Exercise materials Start Marker

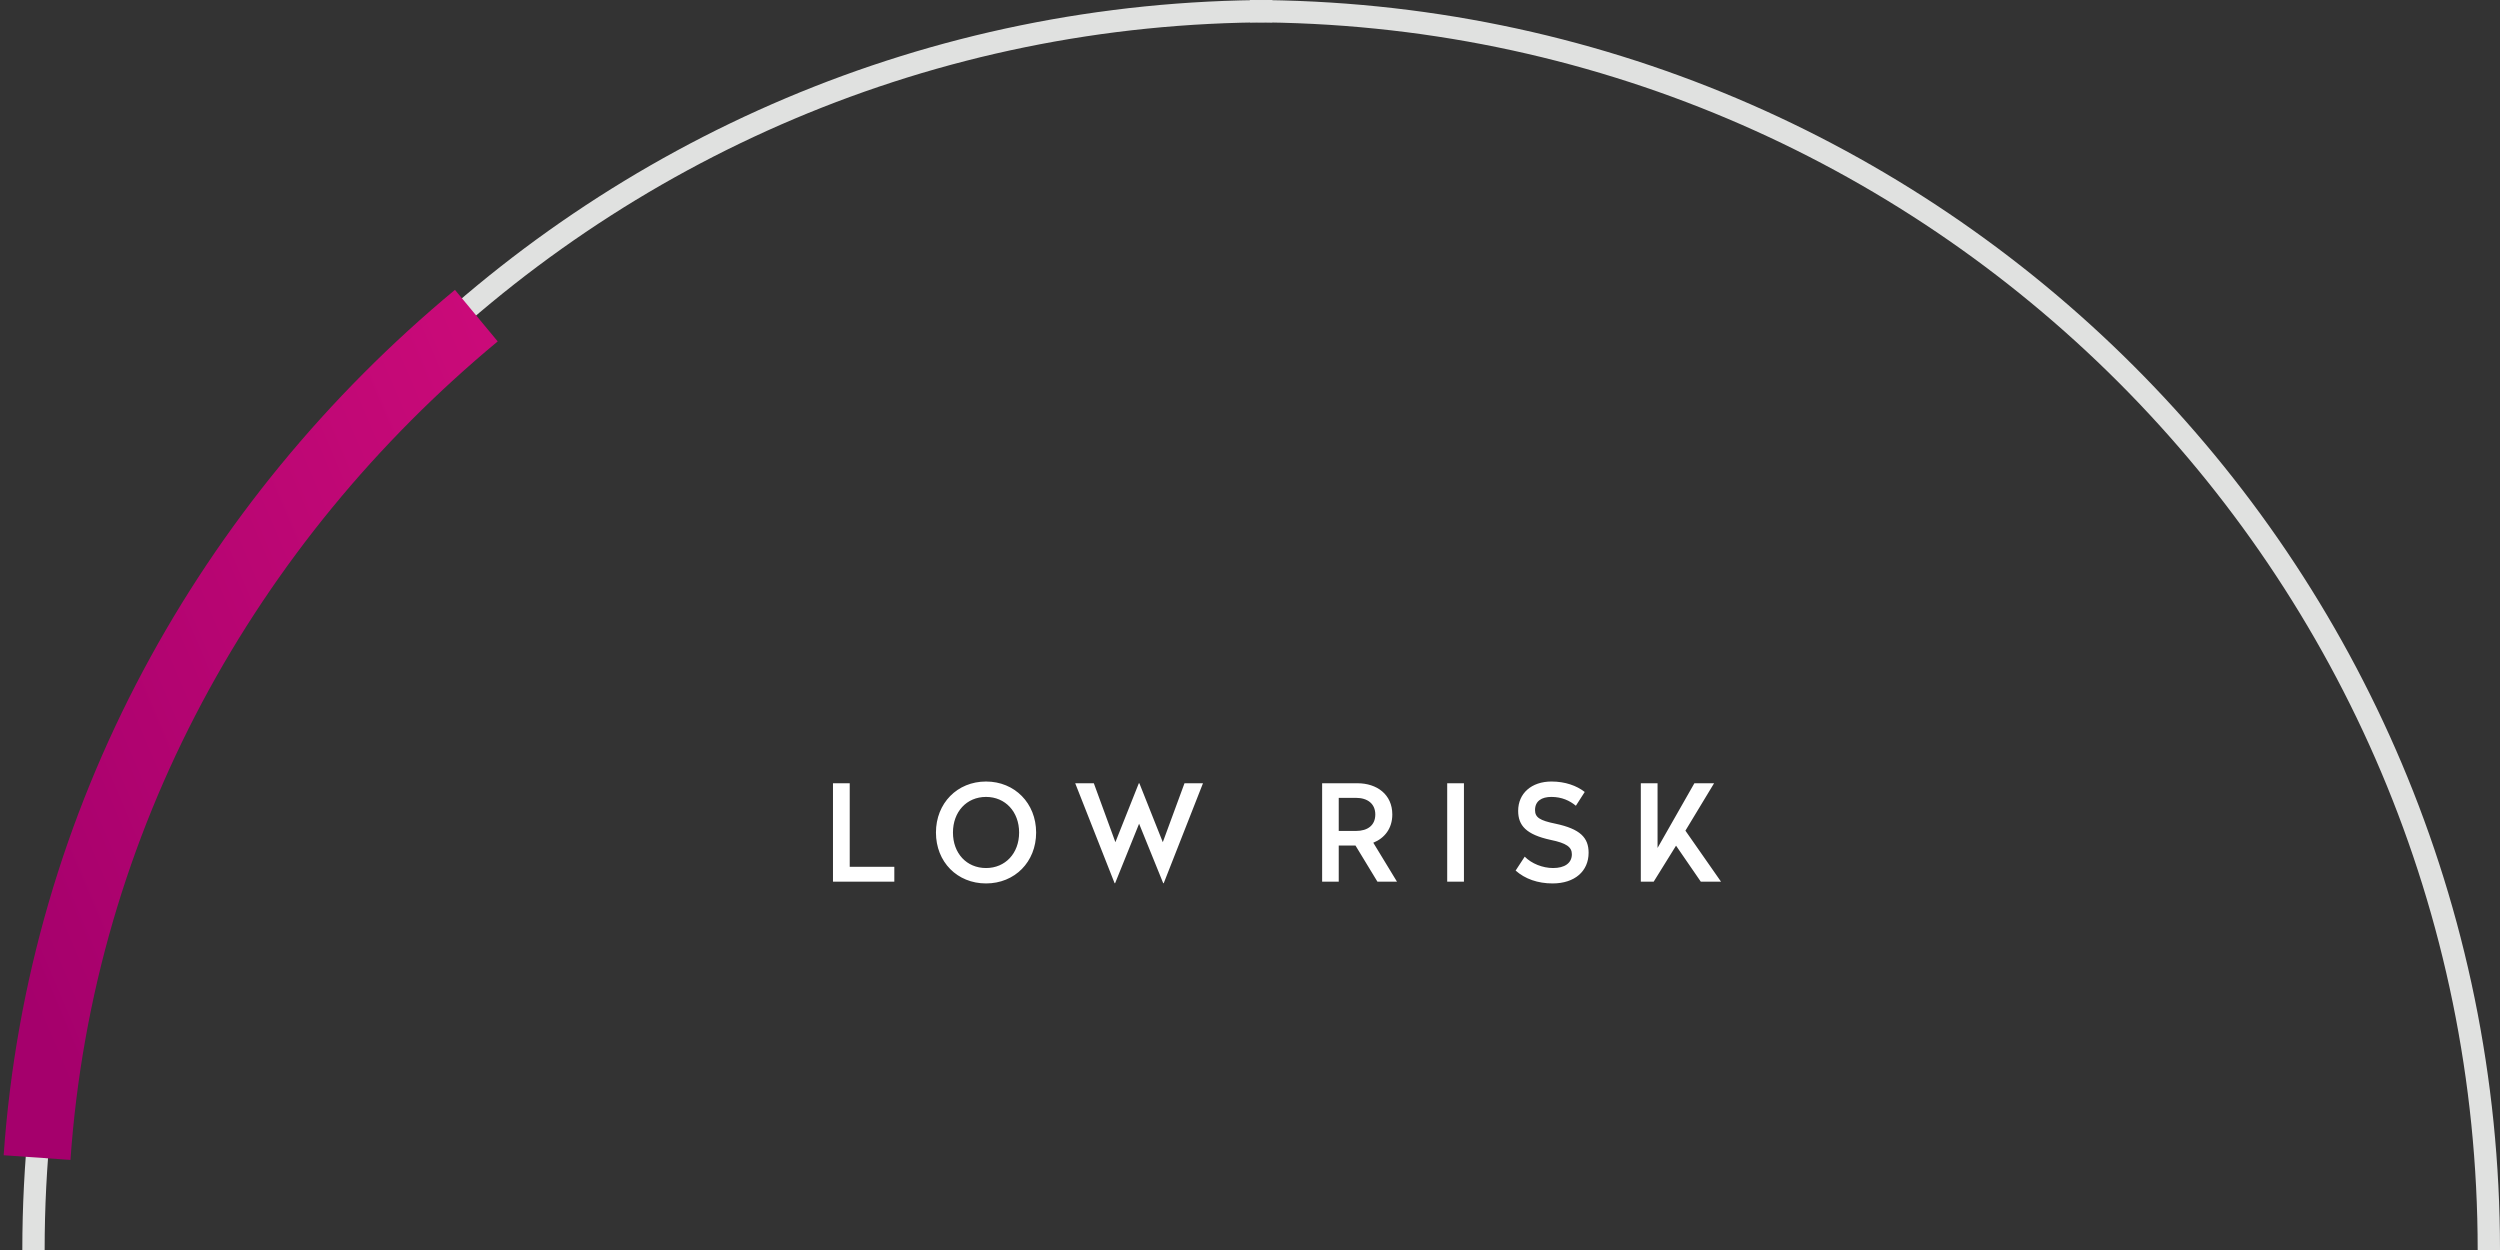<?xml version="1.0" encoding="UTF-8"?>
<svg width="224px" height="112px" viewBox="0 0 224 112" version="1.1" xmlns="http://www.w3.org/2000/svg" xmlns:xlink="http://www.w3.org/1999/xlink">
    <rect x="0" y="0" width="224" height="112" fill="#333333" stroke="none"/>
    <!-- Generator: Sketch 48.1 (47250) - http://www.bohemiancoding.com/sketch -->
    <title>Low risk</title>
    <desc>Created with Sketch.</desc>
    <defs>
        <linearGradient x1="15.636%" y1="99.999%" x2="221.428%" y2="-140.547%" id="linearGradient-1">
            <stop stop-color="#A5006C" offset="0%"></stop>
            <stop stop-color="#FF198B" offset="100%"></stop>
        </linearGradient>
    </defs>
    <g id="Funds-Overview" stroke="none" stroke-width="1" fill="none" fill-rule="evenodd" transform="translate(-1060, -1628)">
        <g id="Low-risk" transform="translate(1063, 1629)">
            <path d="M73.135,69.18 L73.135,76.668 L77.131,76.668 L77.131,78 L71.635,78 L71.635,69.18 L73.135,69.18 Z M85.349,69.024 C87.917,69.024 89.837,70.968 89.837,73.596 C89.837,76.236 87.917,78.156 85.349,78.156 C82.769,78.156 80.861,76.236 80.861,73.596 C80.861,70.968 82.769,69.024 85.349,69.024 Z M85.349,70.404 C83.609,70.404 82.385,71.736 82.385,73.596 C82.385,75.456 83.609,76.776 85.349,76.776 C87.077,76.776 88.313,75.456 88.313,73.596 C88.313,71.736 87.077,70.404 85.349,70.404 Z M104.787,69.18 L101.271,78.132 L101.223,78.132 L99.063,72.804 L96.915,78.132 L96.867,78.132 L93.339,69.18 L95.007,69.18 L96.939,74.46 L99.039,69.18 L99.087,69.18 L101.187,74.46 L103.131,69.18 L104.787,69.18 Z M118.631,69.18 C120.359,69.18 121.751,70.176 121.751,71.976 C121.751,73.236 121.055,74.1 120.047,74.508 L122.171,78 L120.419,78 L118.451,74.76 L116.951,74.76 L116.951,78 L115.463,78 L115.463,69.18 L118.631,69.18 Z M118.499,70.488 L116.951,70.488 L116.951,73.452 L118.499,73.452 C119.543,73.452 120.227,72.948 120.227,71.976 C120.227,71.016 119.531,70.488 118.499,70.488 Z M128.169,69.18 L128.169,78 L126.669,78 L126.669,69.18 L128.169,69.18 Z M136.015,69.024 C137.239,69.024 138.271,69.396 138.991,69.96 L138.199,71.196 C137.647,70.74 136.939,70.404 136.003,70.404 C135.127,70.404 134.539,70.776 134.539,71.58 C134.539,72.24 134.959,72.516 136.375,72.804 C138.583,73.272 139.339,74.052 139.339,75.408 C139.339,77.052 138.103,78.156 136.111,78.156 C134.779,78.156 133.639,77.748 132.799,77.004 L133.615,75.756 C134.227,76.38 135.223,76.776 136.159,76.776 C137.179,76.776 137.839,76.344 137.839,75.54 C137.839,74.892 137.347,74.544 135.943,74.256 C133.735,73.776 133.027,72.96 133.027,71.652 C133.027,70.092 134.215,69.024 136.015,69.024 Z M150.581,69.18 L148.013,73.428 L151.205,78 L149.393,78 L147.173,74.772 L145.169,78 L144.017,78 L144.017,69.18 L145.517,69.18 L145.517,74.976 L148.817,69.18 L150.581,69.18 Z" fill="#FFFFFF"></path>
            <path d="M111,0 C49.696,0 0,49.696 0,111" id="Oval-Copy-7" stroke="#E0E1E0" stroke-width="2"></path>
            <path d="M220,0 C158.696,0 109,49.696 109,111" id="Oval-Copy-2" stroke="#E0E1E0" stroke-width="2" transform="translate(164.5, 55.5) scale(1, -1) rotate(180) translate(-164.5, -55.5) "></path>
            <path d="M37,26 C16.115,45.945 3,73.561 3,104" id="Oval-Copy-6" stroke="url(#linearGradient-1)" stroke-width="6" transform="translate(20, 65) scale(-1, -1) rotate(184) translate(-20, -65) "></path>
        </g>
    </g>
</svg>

Exercise materials End Marker
Exercise materials Start Marker

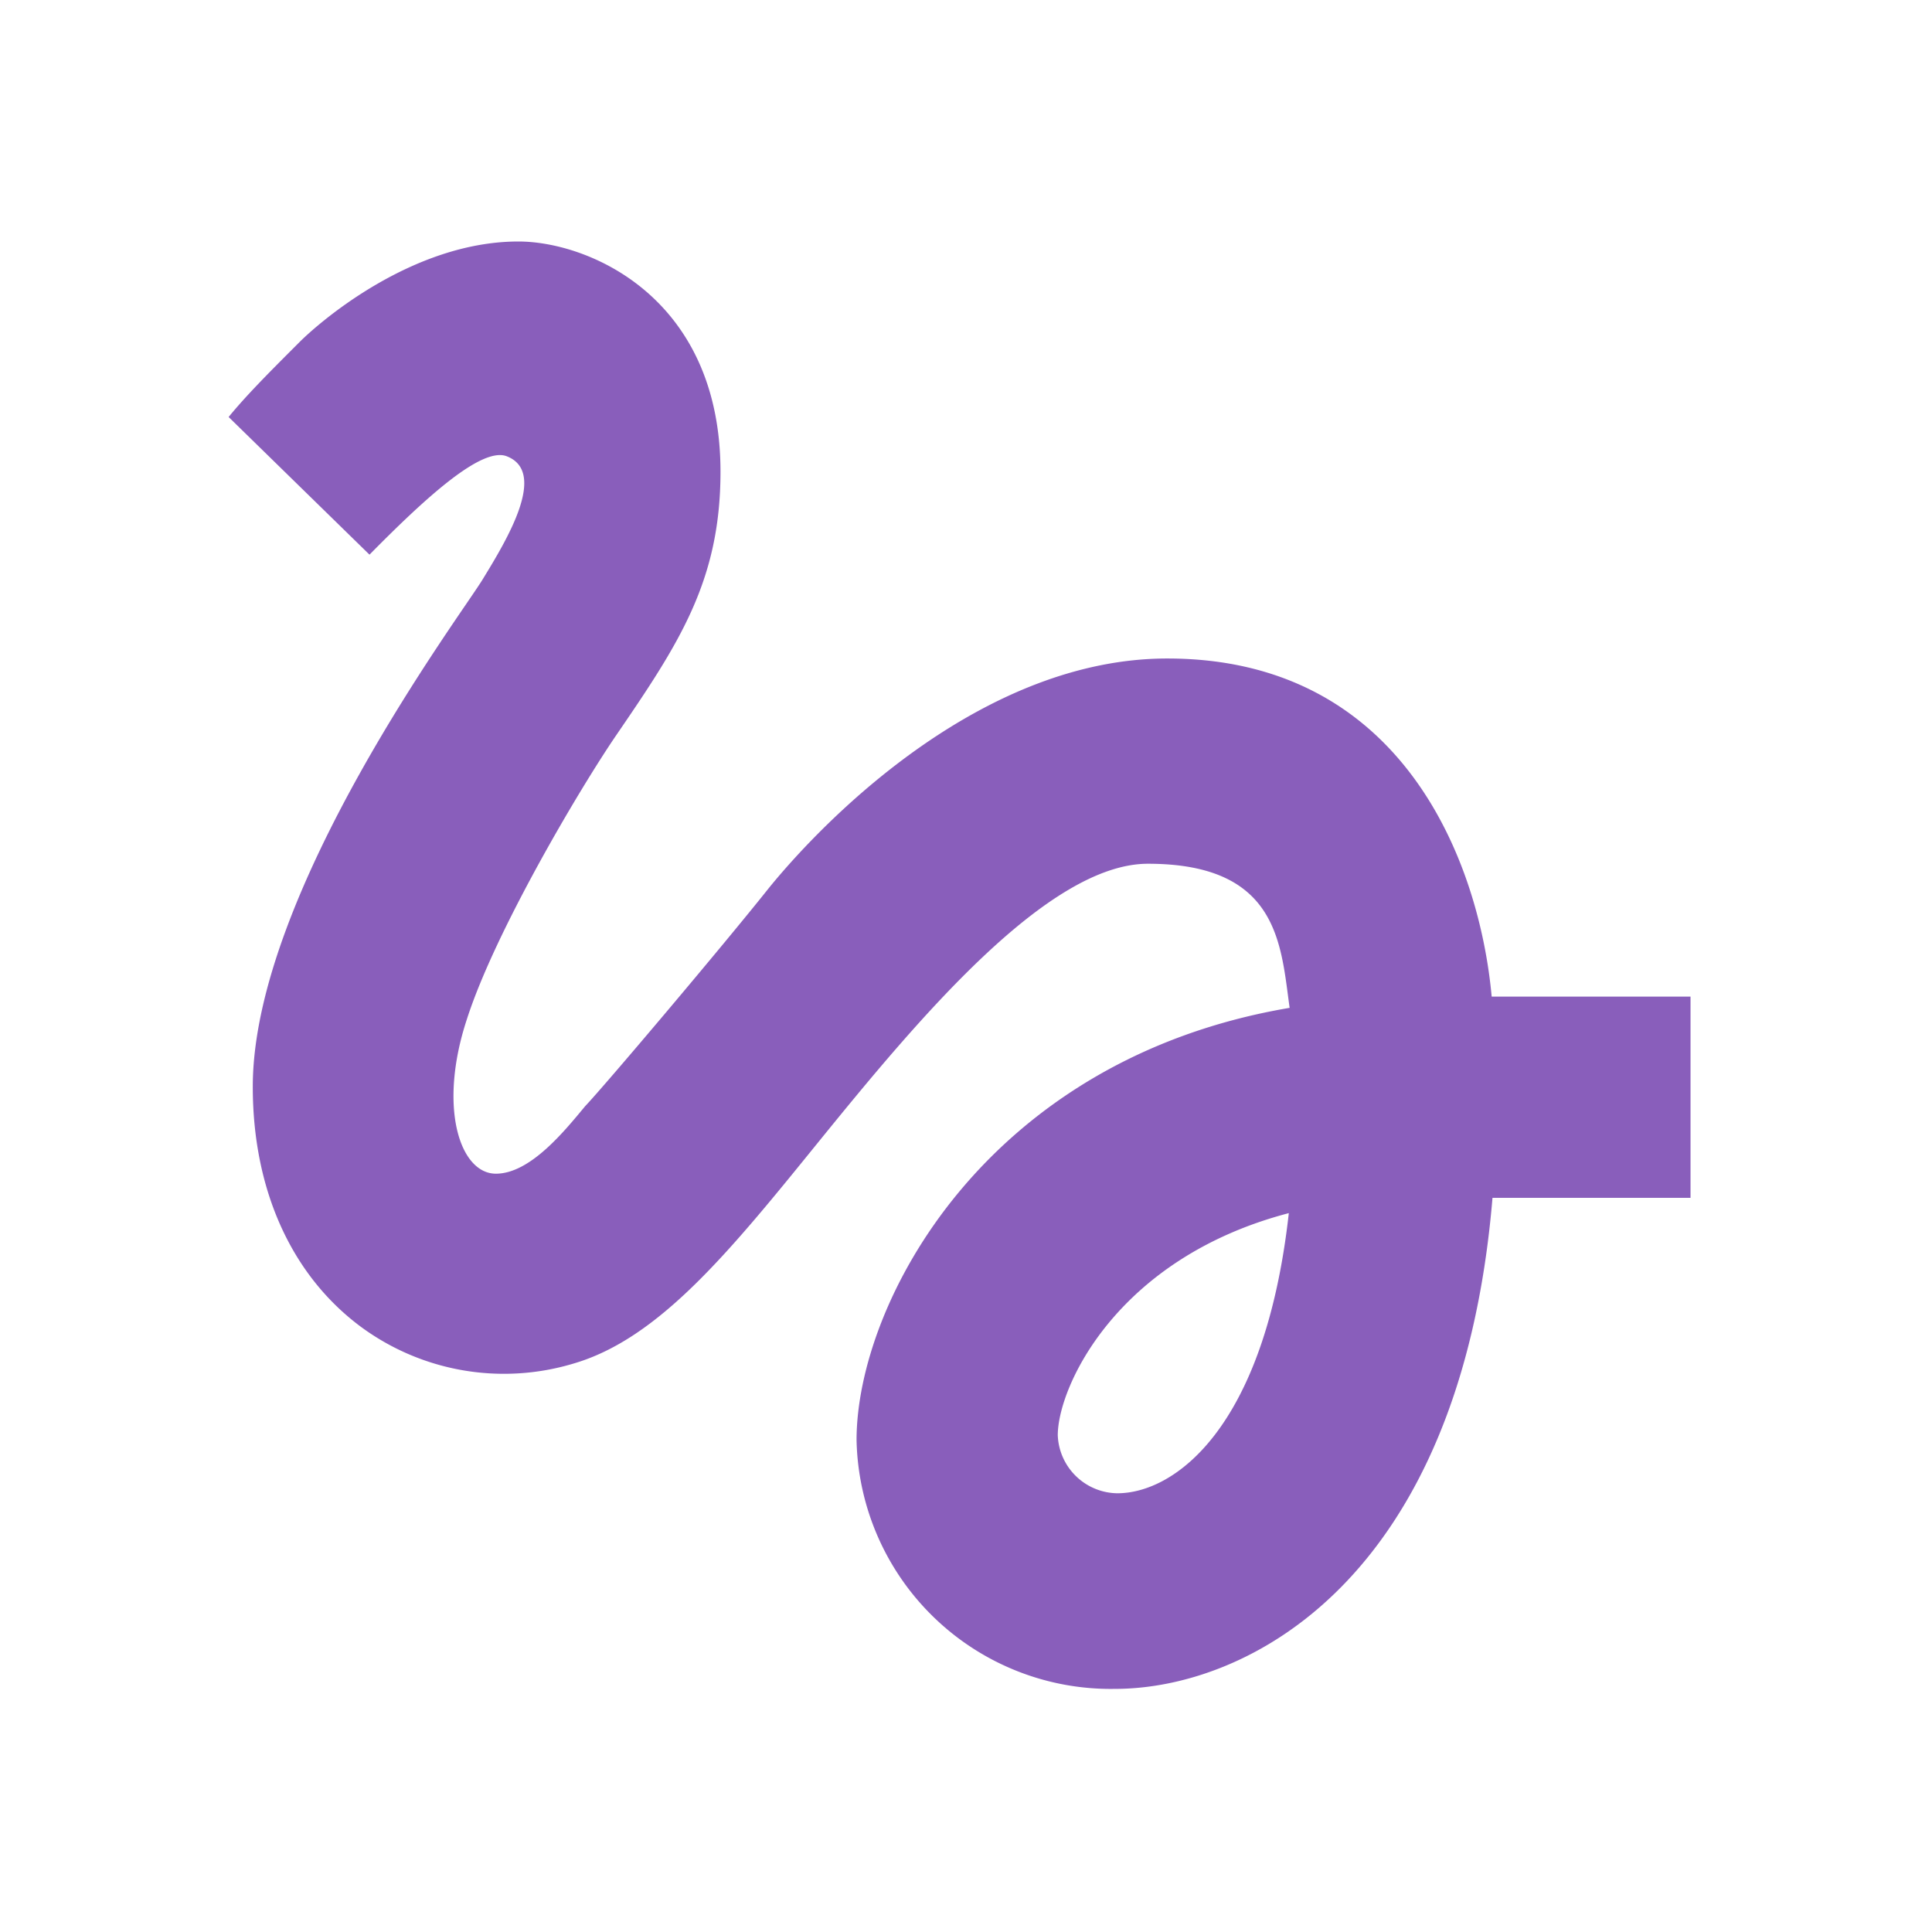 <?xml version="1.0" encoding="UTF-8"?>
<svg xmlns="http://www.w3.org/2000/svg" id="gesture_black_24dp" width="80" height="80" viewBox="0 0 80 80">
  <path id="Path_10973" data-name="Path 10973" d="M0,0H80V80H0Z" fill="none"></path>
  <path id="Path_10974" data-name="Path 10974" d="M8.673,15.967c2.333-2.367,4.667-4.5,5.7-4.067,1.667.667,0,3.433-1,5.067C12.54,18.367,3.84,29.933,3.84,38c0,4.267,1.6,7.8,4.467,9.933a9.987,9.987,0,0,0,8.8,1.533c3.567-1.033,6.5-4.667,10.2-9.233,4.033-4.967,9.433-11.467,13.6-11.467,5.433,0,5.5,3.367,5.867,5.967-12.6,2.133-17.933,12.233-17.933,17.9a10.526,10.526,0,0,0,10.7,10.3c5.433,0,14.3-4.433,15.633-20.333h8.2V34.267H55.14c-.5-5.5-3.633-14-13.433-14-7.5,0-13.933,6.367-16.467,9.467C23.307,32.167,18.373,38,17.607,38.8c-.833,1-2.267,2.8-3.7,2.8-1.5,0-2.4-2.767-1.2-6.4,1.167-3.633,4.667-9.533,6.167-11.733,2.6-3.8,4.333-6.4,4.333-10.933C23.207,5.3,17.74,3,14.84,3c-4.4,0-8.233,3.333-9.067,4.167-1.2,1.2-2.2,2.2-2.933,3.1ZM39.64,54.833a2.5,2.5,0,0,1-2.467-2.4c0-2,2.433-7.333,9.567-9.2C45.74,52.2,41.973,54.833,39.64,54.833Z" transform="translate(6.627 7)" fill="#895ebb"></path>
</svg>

Exercise materials End Marker

*Work order*
Exactly how many lines of the listing above hold the word "Oval"? Give the number alone.

*Exercise result*
3